CREATE TABLE IF NOT EXISTS test_db.example_list_tbl1
(
`user_id` LARGEINT NOT NULL COMMENT "The user ID",
`date` DATE NOT NULL COMMENT "The date on which data is imported to the table",
`timestamp` DATETIME NOT NULL COMMENT "The time when data is imported to the table",
`city` VARCHAR(20) NOT NULL COMMENT "The city in which the user resides",
`age` SMALLINT COMMENT "The age of the user",
`sex` TINYINT COMMENT "The gender of the user",
`last_visit_date` DATETIME REPLACE DEFAULT "1970-01-01 00:00:00" COMMENT "The last time when the user paid a visit",
`cost` BIGINT SUM DEFAULT "0" COMMENT "The amount of money that the user spends",
`max_dwell_time` INT MAX DEFAULT "0" COMMENT "The maximum dwell time of the user",
`min_dwell_time` INT MIN DEFAULT "99999" COMMENT "The minimum dwell time of the user"
)
ENGINE=olap
AGGREGATE KEY(`user_id`, `date`, `timestamp`, `city`, `age`, `sex`)
PARTITION BY LIST(`city`)
(
PARTITION `p_cn` VALUES IN ("Beijing", "Shanghai", "Hong Kong"),
PARTITION `p_usa` VALUES IN ("New York", "San Francisco"),
PARTITION `p_jp` VALUES IN ("Tokyo")
)
DISTRIBUTED BY HASH(`user_id`) BUCKETS 16;
After the test_table1
table is created, the following three partitions are automatically created:
p_cn: ("Beijing", "Shanghai", "Hong Kong")
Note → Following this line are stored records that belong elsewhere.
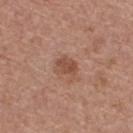Notes:
- body site · the upper back
- lesion size · about 3 mm
- subject · female, in their mid-60s
- lighting · white-light illumination
- image source · 15 mm crop, total-body photography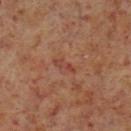{"lesion_size": {"long_diameter_mm_approx": 3.0}, "patient": {"sex": "male", "age_approx": 60}, "image": {"source": "total-body photography crop", "field_of_view_mm": 15}, "lighting": "cross-polarized", "site": "left lower leg"}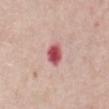Imaged during a routine full-body skin examination; the lesion was not biopsied and no histopathology is available. An algorithmic analysis of the crop reported border irregularity of about 2 on a 0–10 scale, a within-lesion color-variation index near 3.5/10, and peripheral color asymmetry of about 1. A female subject aged approximately 65. A 15 mm close-up extracted from a 3D total-body photography capture. Captured under white-light illumination. The lesion's longest dimension is about 3 mm. Located on the chest.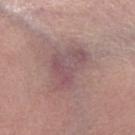workup: imaged on a skin check; not biopsied
patient: female, in their mid- to late 60s
lesion diameter: ~5.5 mm (longest diameter)
TBP lesion metrics: a mean CIELAB color near L≈52 a*≈20 b*≈17, about 7 CIELAB-L* units darker than the surrounding skin, and a lesion-to-skin contrast of about 6 (normalized; higher = more distinct); a within-lesion color-variation index near 5.5/10 and peripheral color asymmetry of about 2; an automated nevus-likeness rating near 0 out of 100 and lesion-presence confidence of about 80/100
location: the left forearm
tile lighting: white-light
image: ~15 mm crop, total-body skin-cancer survey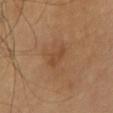Case summary:
* biopsy status · no biopsy performed (imaged during a skin exam)
* acquisition · ~15 mm crop, total-body skin-cancer survey
* location · the chest
* lighting · cross-polarized illumination
* lesion diameter · about 3.5 mm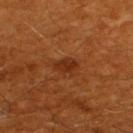  biopsy_status: not biopsied; imaged during a skin examination
  lighting: cross-polarized
  image:
    source: total-body photography crop
    field_of_view_mm: 15
  patient:
    sex: male
    age_approx: 60
  site: upper back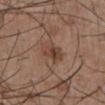Q: Was a biopsy performed?
A: imaged on a skin check; not biopsied
Q: Patient demographics?
A: male, aged approximately 55
Q: How was the tile lit?
A: white-light illumination
Q: Lesion location?
A: the abdomen
Q: How large is the lesion?
A: ≈3.5 mm
Q: What did automated image analysis measure?
A: an area of roughly 6.5 mm², a shape eccentricity near 0.7, and a shape-asymmetry score of about 0.3 (0 = symmetric); an average lesion color of about L≈42 a*≈19 b*≈26 (CIELAB), a lesion–skin lightness drop of about 9, and a lesion-to-skin contrast of about 7.5 (normalized; higher = more distinct); a nevus-likeness score of about 70/100 and lesion-presence confidence of about 100/100
Q: What kind of image is this?
A: ~15 mm tile from a whole-body skin photo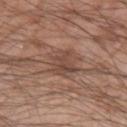Assessment:
Captured during whole-body skin photography for melanoma surveillance; the lesion was not biopsied.
Acquisition and patient details:
This is a white-light tile. The patient is a male roughly 75 years of age. A region of skin cropped from a whole-body photographic capture, roughly 15 mm wide. The lesion is on the left upper arm.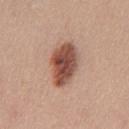Imaged during a routine full-body skin examination; the lesion was not biopsied and no histopathology is available.
A lesion tile, about 15 mm wide, cut from a 3D total-body photograph.
A male subject, approximately 30 years of age.
The lesion is located on the chest.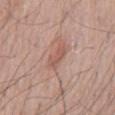Impression:
Part of a total-body skin-imaging series; this lesion was reviewed on a skin check and was not flagged for biopsy.
Clinical summary:
The total-body-photography lesion software estimated a mean CIELAB color near L≈55 a*≈23 b*≈26 and a lesion–skin lightness drop of about 8. It also reported a border-irregularity rating of about 3/10, internal color variation of about 0 on a 0–10 scale, and radial color variation of about 0. This is a white-light tile. The lesion's longest dimension is about 3 mm. A male patient, in their 60s. Located on the abdomen. A close-up tile cropped from a whole-body skin photograph, about 15 mm across.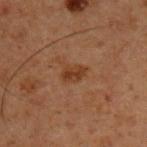Captured during whole-body skin photography for melanoma surveillance; the lesion was not biopsied. Longest diameter approximately 2.5 mm. A male patient, aged 58 to 62. Imaged with cross-polarized lighting. This image is a 15 mm lesion crop taken from a total-body photograph. The lesion is located on the right upper arm.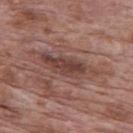No biopsy was performed on this lesion — it was imaged during a full skin examination and was not determined to be concerning.
The patient is a male roughly 70 years of age.
From the mid back.
Imaged with white-light lighting.
Automated tile analysis of the lesion measured an average lesion color of about L≈43 a*≈20 b*≈22 (CIELAB) and about 10 CIELAB-L* units darker than the surrounding skin. The analysis additionally found border irregularity of about 4 on a 0–10 scale and radial color variation of about 1.5.
Measured at roughly 7 mm in maximum diameter.
A lesion tile, about 15 mm wide, cut from a 3D total-body photograph.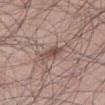Assessment: The lesion was photographed on a routine skin check and not biopsied; there is no pathology result. Background: On the right thigh. A 15 mm close-up extracted from a 3D total-body photography capture. The subject is a male in their mid- to late 40s.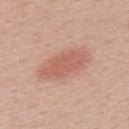No biopsy was performed on this lesion — it was imaged during a full skin examination and was not determined to be concerning. The subject is a female approximately 40 years of age. The lesion is on the upper back. A region of skin cropped from a whole-body photographic capture, roughly 15 mm wide. The total-body-photography lesion software estimated a footprint of about 16 mm² and a shape-asymmetry score of about 0.15 (0 = symmetric). The analysis additionally found a lesion color around L≈60 a*≈24 b*≈29 in CIELAB, a lesion–skin lightness drop of about 9, and a normalized lesion–skin contrast near 6. And it measured a nevus-likeness score of about 100/100 and a lesion-detection confidence of about 100/100. Measured at roughly 6 mm in maximum diameter.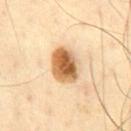Assessment:
Recorded during total-body skin imaging; not selected for excision or biopsy.
Context:
A 15 mm close-up tile from a total-body photography series done for melanoma screening. Automated tile analysis of the lesion measured a mean CIELAB color near L≈63 a*≈20 b*≈41 and a lesion–skin lightness drop of about 19. On the abdomen. Imaged with cross-polarized lighting. A male subject, in their mid- to late 60s.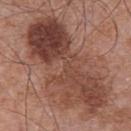image = 15 mm crop, total-body photography | anatomic site = the abdomen | subject = male, roughly 70 years of age.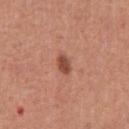Q: Was a biopsy performed?
A: imaged on a skin check; not biopsied
Q: What did automated image analysis measure?
A: a footprint of about 3.5 mm², an outline eccentricity of about 0.8 (0 = round, 1 = elongated), and two-axis asymmetry of about 0.2; an average lesion color of about L≈48 a*≈26 b*≈30 (CIELAB), a lesion–skin lightness drop of about 13, and a normalized border contrast of about 9; border irregularity of about 1.5 on a 0–10 scale, a within-lesion color-variation index near 1.5/10, and a peripheral color-asymmetry measure near 0.5
Q: How was the tile lit?
A: white-light illumination
Q: Who is the patient?
A: male, aged approximately 65
Q: Where on the body is the lesion?
A: the chest
Q: What is the lesion's diameter?
A: ≈2.5 mm
Q: What is the imaging modality?
A: ~15 mm tile from a whole-body skin photo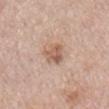Findings:
– notes — catalogued during a skin exam; not biopsied
– size — about 3 mm
– anatomic site — the abdomen
– tile lighting — white-light illumination
– automated metrics — a shape eccentricity near 0.6 and a shape-asymmetry score of about 0.3 (0 = symmetric); an average lesion color of about L≈59 a*≈19 b*≈29 (CIELAB), about 11 CIELAB-L* units darker than the surrounding skin, and a normalized border contrast of about 7; internal color variation of about 3 on a 0–10 scale; a classifier nevus-likeness of about 10/100
– image — 15 mm crop, total-body photography
– patient — male, aged approximately 75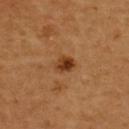Impression:
Imaged during a routine full-body skin examination; the lesion was not biopsied and no histopathology is available.
Context:
Located on the upper back. Measured at roughly 2.5 mm in maximum diameter. Automated tile analysis of the lesion measured a footprint of about 5 mm², a shape eccentricity near 0.6, and a shape-asymmetry score of about 0.25 (0 = symmetric). It also reported roughly 12 lightness units darker than nearby skin and a normalized border contrast of about 9. It also reported an automated nevus-likeness rating near 95 out of 100 and lesion-presence confidence of about 100/100. A female patient aged approximately 60. Captured under cross-polarized illumination. A 15 mm close-up extracted from a 3D total-body photography capture.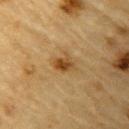| feature | finding |
|---|---|
| notes | no biopsy performed (imaged during a skin exam) |
| subject | male, aged 83 or older |
| image source | total-body-photography crop, ~15 mm field of view |
| site | the arm |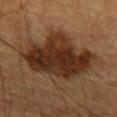Q: Was this lesion biopsied?
A: catalogued during a skin exam; not biopsied
Q: What are the patient's age and sex?
A: male, aged around 85 or older
Q: Where on the body is the lesion?
A: the right upper arm
Q: Automated lesion metrics?
A: a footprint of about 36 mm² and a shape-asymmetry score of about 0.25 (0 = symmetric); roughly 12 lightness units darker than nearby skin
Q: What is the imaging modality?
A: total-body-photography crop, ~15 mm field of view
Q: Illumination type?
A: cross-polarized illumination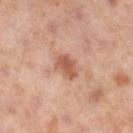Assessment:
Part of a total-body skin-imaging series; this lesion was reviewed on a skin check and was not flagged for biopsy.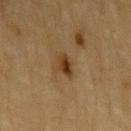Impression:
This lesion was catalogued during total-body skin photography and was not selected for biopsy.
Image and clinical context:
The lesion is on the left upper arm. About 2.5 mm across. A 15 mm close-up extracted from a 3D total-body photography capture. The patient is a male aged 83 or older. Imaged with cross-polarized lighting. The total-body-photography lesion software estimated a lesion color around L≈32 a*≈15 b*≈30 in CIELAB and a lesion-to-skin contrast of about 9 (normalized; higher = more distinct). And it measured a nevus-likeness score of about 95/100 and a detector confidence of about 100 out of 100 that the crop contains a lesion.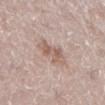Notes:
• notes — imaged on a skin check; not biopsied
• tile lighting — white-light illumination
• body site — the leg
• patient — female, aged 48–52
• imaging modality — ~15 mm tile from a whole-body skin photo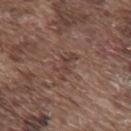Q: Was this lesion biopsied?
A: total-body-photography surveillance lesion; no biopsy
Q: What lighting was used for the tile?
A: white-light
Q: What did automated image analysis measure?
A: an eccentricity of roughly 0.9 and two-axis asymmetry of about 0.55; about 6 CIELAB-L* units darker than the surrounding skin and a lesion-to-skin contrast of about 5.5 (normalized; higher = more distinct); border irregularity of about 7.5 on a 0–10 scale; a detector confidence of about 95 out of 100 that the crop contains a lesion
Q: Lesion location?
A: the upper back
Q: How was this image acquired?
A: 15 mm crop, total-body photography
Q: What are the patient's age and sex?
A: male, about 75 years old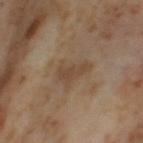Imaged during a routine full-body skin examination; the lesion was not biopsied and no histopathology is available. This is a cross-polarized tile. On the leg. The total-body-photography lesion software estimated a footprint of about 7 mm² and two-axis asymmetry of about 0.4. It also reported a border-irregularity index near 4.5/10, a color-variation rating of about 1.5/10, and peripheral color asymmetry of about 0.5. And it measured an automated nevus-likeness rating near 0 out of 100. A 15 mm close-up extracted from a 3D total-body photography capture. The patient is a female approximately 55 years of age.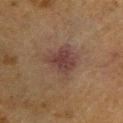Impression:
This lesion was catalogued during total-body skin photography and was not selected for biopsy.
Acquisition and patient details:
Measured at roughly 4.5 mm in maximum diameter. The lesion is located on the left lower leg. This is a cross-polarized tile. A male patient aged 58 to 62. This image is a 15 mm lesion crop taken from a total-body photograph.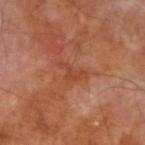biopsy status: no biopsy performed (imaged during a skin exam); diameter: ~3.5 mm (longest diameter); image: 15 mm crop, total-body photography; body site: the right forearm; subject: male, roughly 70 years of age.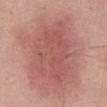{"biopsy_status": "not biopsied; imaged during a skin examination", "image": {"source": "total-body photography crop", "field_of_view_mm": 15}, "lighting": "white-light", "lesion_size": {"long_diameter_mm_approx": 8.5}, "patient": {"sex": "male", "age_approx": 55}, "automated_metrics": {"area_mm2_approx": 31.0, "border_irregularity_0_10": 3.5, "color_variation_0_10": 3.0, "peripheral_color_asymmetry": 1.0}, "site": "abdomen"}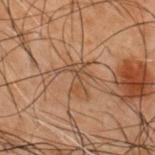Part of a total-body skin-imaging series; this lesion was reviewed on a skin check and was not flagged for biopsy.
The lesion is on the back.
A 15 mm close-up extracted from a 3D total-body photography capture.
A male subject about 50 years old.
Imaged with cross-polarized lighting.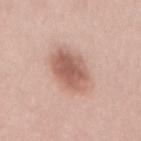Approximately 6 mm at its widest. A female patient, in their mid-20s. Automated image analysis of the tile measured an area of roughly 16 mm², an eccentricity of roughly 0.85, and a symmetry-axis asymmetry near 0.15. The software also gave a border-irregularity rating of about 2/10 and peripheral color asymmetry of about 1.5. And it measured a classifier nevus-likeness of about 95/100 and a lesion-detection confidence of about 100/100. Captured under white-light illumination. This image is a 15 mm lesion crop taken from a total-body photograph. The lesion is located on the mid back.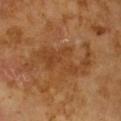Q: Was a biopsy performed?
A: imaged on a skin check; not biopsied
Q: What kind of image is this?
A: ~15 mm crop, total-body skin-cancer survey
Q: How was the tile lit?
A: cross-polarized
Q: What is the anatomic site?
A: the chest
Q: Automated lesion metrics?
A: a nevus-likeness score of about 0/100 and a detector confidence of about 30 out of 100 that the crop contains a lesion
Q: What is the lesion's diameter?
A: ~9 mm (longest diameter)
Q: Who is the patient?
A: female, about 70 years old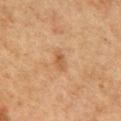{"biopsy_status": "not biopsied; imaged during a skin examination", "patient": {"sex": "male", "age_approx": 75}, "site": "front of the torso", "lesion_size": {"long_diameter_mm_approx": 2.5}, "image": {"source": "total-body photography crop", "field_of_view_mm": 15}, "automated_metrics": {"cielab_L": 45, "cielab_a": 18, "cielab_b": 31, "vs_skin_darker_L": 7.0, "vs_skin_contrast_norm": 6.0, "border_irregularity_0_10": 3.0, "color_variation_0_10": 2.5, "peripheral_color_asymmetry": 1.0}, "lighting": "cross-polarized"}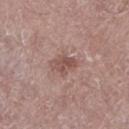Recorded during total-body skin imaging; not selected for excision or biopsy.
Cropped from a whole-body photographic skin survey; the tile spans about 15 mm.
The tile uses white-light illumination.
About 3.5 mm across.
A female subject, in their mid- to late 60s.
The lesion is on the leg.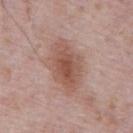| field | value |
|---|---|
| workup | catalogued during a skin exam; not biopsied |
| patient | male, in their 70s |
| location | the abdomen |
| automated lesion analysis | a border-irregularity rating of about 2/10, a color-variation rating of about 4.5/10, and radial color variation of about 1 |
| lesion size | ~6.5 mm (longest diameter) |
| acquisition | 15 mm crop, total-body photography |
| illumination | white-light illumination |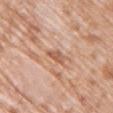| field | value |
|---|---|
| workup | total-body-photography surveillance lesion; no biopsy |
| image source | ~15 mm tile from a whole-body skin photo |
| subject | female, aged around 70 |
| illumination | white-light |
| body site | the front of the torso |
| lesion diameter | about 3.5 mm |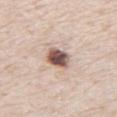{"biopsy_status": "not biopsied; imaged during a skin examination", "lighting": "white-light", "patient": {"sex": "male", "age_approx": 80}, "image": {"source": "total-body photography crop", "field_of_view_mm": 15}, "lesion_size": {"long_diameter_mm_approx": 3.0}, "site": "abdomen"}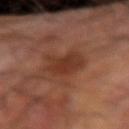illumination: cross-polarized illumination
patient: male, approximately 70 years of age
image source: 15 mm crop, total-body photography
diameter: ≈5 mm
location: the right forearm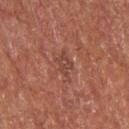Imaged during a routine full-body skin examination; the lesion was not biopsied and no histopathology is available.
On the back.
Cropped from a total-body skin-imaging series; the visible field is about 15 mm.
This is a cross-polarized tile.
A male subject in their mid-50s.
An algorithmic analysis of the crop reported an area of roughly 4.5 mm² and a shape eccentricity near 0.85. The analysis additionally found a lesion color around L≈38 a*≈21 b*≈24 in CIELAB.
The recorded lesion diameter is about 3.5 mm.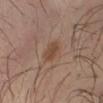biopsy status: total-body-photography surveillance lesion; no biopsy | illumination: cross-polarized | TBP lesion metrics: a lesion area of about 4 mm², an outline eccentricity of about 0.65 (0 = round, 1 = elongated), and a symmetry-axis asymmetry near 0.2; a border-irregularity index near 2/10, a within-lesion color-variation index near 2/10, and a peripheral color-asymmetry measure near 0.5; a nevus-likeness score of about 75/100 | body site: the left forearm | image source: ~15 mm tile from a whole-body skin photo | patient: male, aged approximately 40.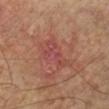Assessment:
Recorded during total-body skin imaging; not selected for excision or biopsy.
Image and clinical context:
A lesion tile, about 15 mm wide, cut from a 3D total-body photograph. A male subject in their mid- to late 50s. Imaged with cross-polarized lighting. On the leg.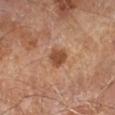Notes:
• notes · no biopsy performed (imaged during a skin exam)
• automated lesion analysis · an outline eccentricity of about 0.5 (0 = round, 1 = elongated); a border-irregularity index near 2.5/10, a within-lesion color-variation index near 2/10, and peripheral color asymmetry of about 0.5
• anatomic site · the right forearm
• illumination · cross-polarized illumination
• patient · male, aged around 65
• diameter · ≈3 mm
• image source · 15 mm crop, total-body photography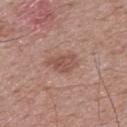follow-up = imaged on a skin check; not biopsied
acquisition = ~15 mm crop, total-body skin-cancer survey
subject = male, aged around 70
automated metrics = an area of roughly 5.5 mm² and a symmetry-axis asymmetry near 0.3; roughly 9 lightness units darker than nearby skin
anatomic site = the back
diameter = ~3.5 mm (longest diameter)
illumination = white-light illumination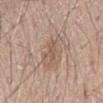Q: Was a biopsy performed?
A: no biopsy performed (imaged during a skin exam)
Q: How was this image acquired?
A: ~15 mm crop, total-body skin-cancer survey
Q: Lesion size?
A: ≈3 mm
Q: Automated lesion metrics?
A: a footprint of about 3.5 mm², an eccentricity of roughly 0.85, and two-axis asymmetry of about 0.35; border irregularity of about 4 on a 0–10 scale, internal color variation of about 1 on a 0–10 scale, and a peripheral color-asymmetry measure near 0.5
Q: Who is the patient?
A: male, roughly 20 years of age
Q: Illumination type?
A: white-light
Q: What is the anatomic site?
A: the front of the torso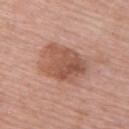| key | value |
|---|---|
| patient | female, in their mid- to late 60s |
| image | ~15 mm tile from a whole-body skin photo |
| body site | the upper back |
| automated lesion analysis | an eccentricity of roughly 0.75 and two-axis asymmetry of about 0.15; an average lesion color of about L≈54 a*≈23 b*≈29 (CIELAB), about 11 CIELAB-L* units darker than the surrounding skin, and a normalized border contrast of about 7.5; a border-irregularity index near 2.5/10, a color-variation rating of about 5.5/10, and peripheral color asymmetry of about 2; a classifier nevus-likeness of about 10/100 and a detector confidence of about 100 out of 100 that the crop contains a lesion |
| size | ~6 mm (longest diameter) |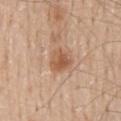Captured during whole-body skin photography for melanoma surveillance; the lesion was not biopsied. Located on the mid back. The subject is a male approximately 60 years of age. A 15 mm crop from a total-body photograph taken for skin-cancer surveillance. Measured at roughly 3.5 mm in maximum diameter.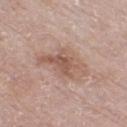The lesion was tiled from a total-body skin photograph and was not biopsied.
From the left thigh.
A region of skin cropped from a whole-body photographic capture, roughly 15 mm wide.
A male patient aged 58 to 62.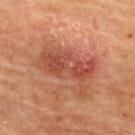Longest diameter approximately 6.5 mm. A region of skin cropped from a whole-body photographic capture, roughly 15 mm wide. A female subject aged around 80. From the back. The tile uses cross-polarized illumination.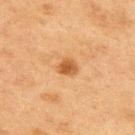Image and clinical context:
Longest diameter approximately 2.5 mm. The tile uses cross-polarized illumination. A 15 mm close-up extracted from a 3D total-body photography capture. On the back. Automated image analysis of the tile measured a mean CIELAB color near L≈46 a*≈21 b*≈37, a lesion–skin lightness drop of about 10, and a normalized border contrast of about 8. And it measured a border-irregularity index near 2/10, a within-lesion color-variation index near 2/10, and radial color variation of about 0.5. The software also gave an automated nevus-likeness rating near 95 out of 100 and a detector confidence of about 100 out of 100 that the crop contains a lesion. The subject is a male in their mid-70s.

p_usa: ("New York", "San Francisco")
p_jp: ("Tokyo")
Execute the `p_uk` VALUES IN ("London")
statement to create a partition. The following sample code shows the partitioning results:
p_cn: ("Beijing", "Shanghai", "Hong Kong")
p_usa: ("New York", "San Francisco")
p_jp: ("Tokyo")
p_uk: ("London")
Delete the p_jp
partition. The following sample code shows the partitioning results:
p_cn: ("Beijing", "Shanghai", "Hong Kong")
p_usa: ("New York", "San Francisco")
p_uk: ("London")
Multiple-column partitioning
When you create partitions for a table, you can partition data based on multiple columns. The following sample code provides an example:
PARTITION BY LIST(`id`, `city`)
(
PARTITION `p1_city` VALUES IN (("1", "Beijing"), ("1", "Shanghai")),
PARTITION `p2_city` VALUES IN (("2", "Beijing"), ("2", "Shanghai")),
PARTITION `p3_city` VALUES IN (("3", "Beijing"), ("3", "Shanghai"))
)
In this example, the id
and city
columns are specified as partition key columns. The id column is of the INT type, and the city column is of the VARCHAR type. The following sample code shows the partitioning results:
* p1_city: [("1", "Beijing"), ("1", "Shanghai")]
* p2_city: [("2", "Beijing"), ("2", "Shanghai")]
* p3_city: [("3", "Beijing"), ("3", "Shanghai")]
When you insert data, the system compares the data with the specified partition key values in sequence to determine the partition into which data is inserted. The following sample code provides an example:
* Data ---> Partition
* 1, Beijing ---> p1_city
* 1, Shanghai ---> p1_city
* 2, Shanghai ---> p2_city
* 3, Beijing ---> p3_city
* 1, Tianjin ---> Failed to be imported.
* 4, Beijing ---> Failed to be imported.